• [The problem]
In your copy, include every line of the listing below exactly but none of the pictures.
════════════════════
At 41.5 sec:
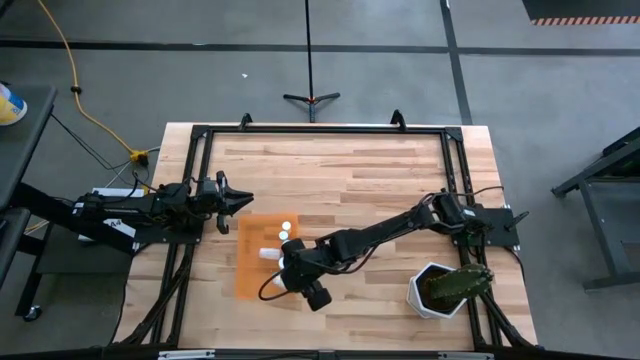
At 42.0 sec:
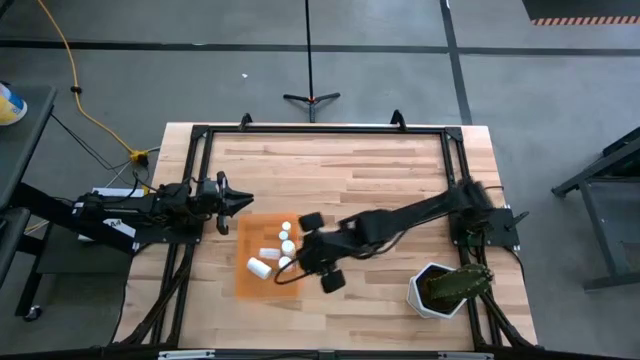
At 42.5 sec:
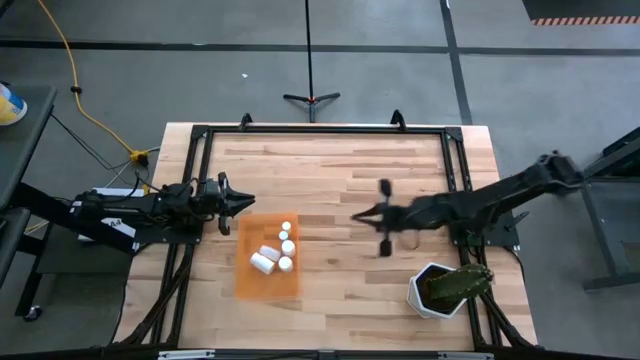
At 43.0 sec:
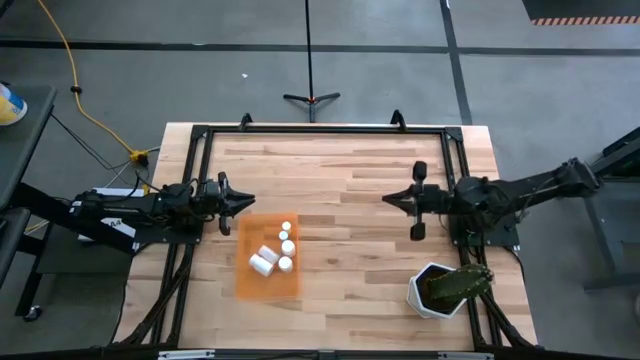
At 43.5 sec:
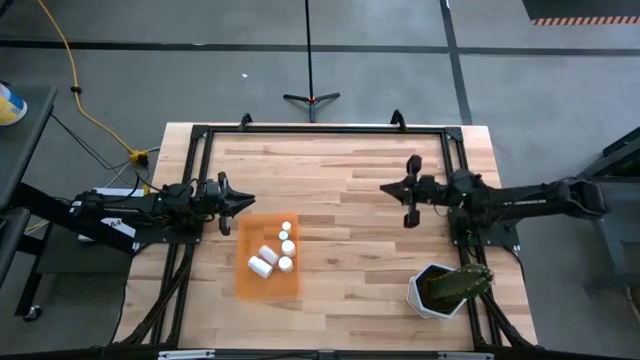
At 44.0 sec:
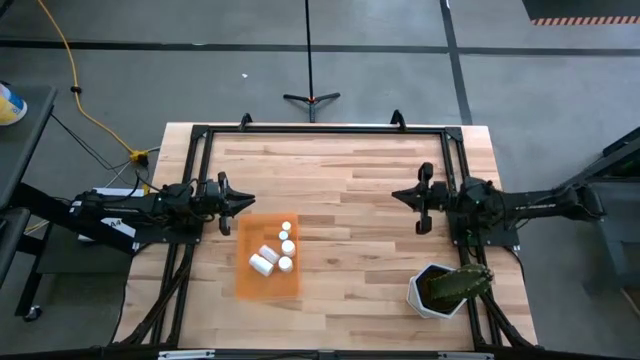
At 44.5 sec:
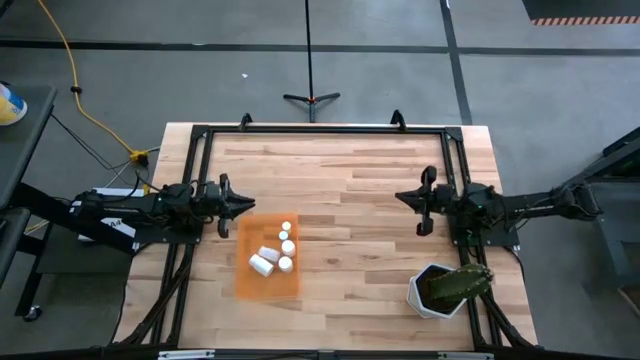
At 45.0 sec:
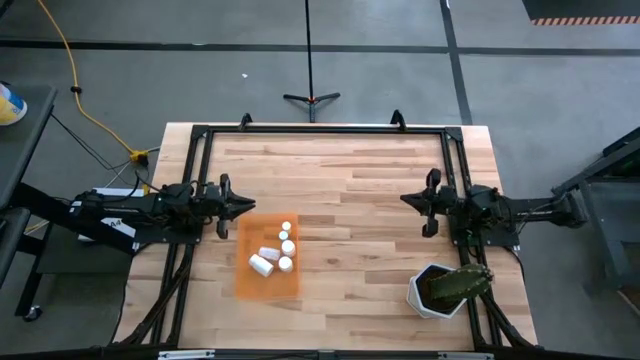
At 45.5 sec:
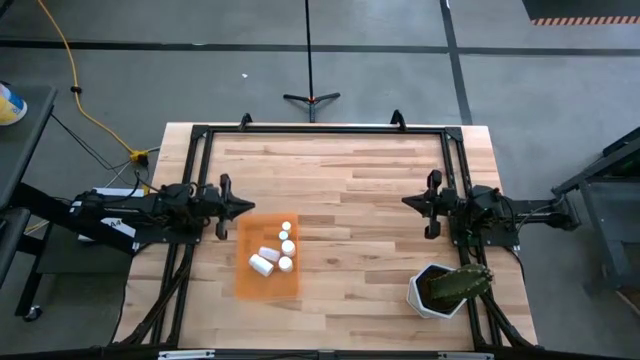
════════════════════
• [Your response]
At 41.5 sec:
At 42.0 sec:
At 42.5 sec:
At 43.0 sec:
At 43.5 sec:
At 44.0 sec:
At 44.5 sec:
At 45.0 sec:
At 45.5 sec:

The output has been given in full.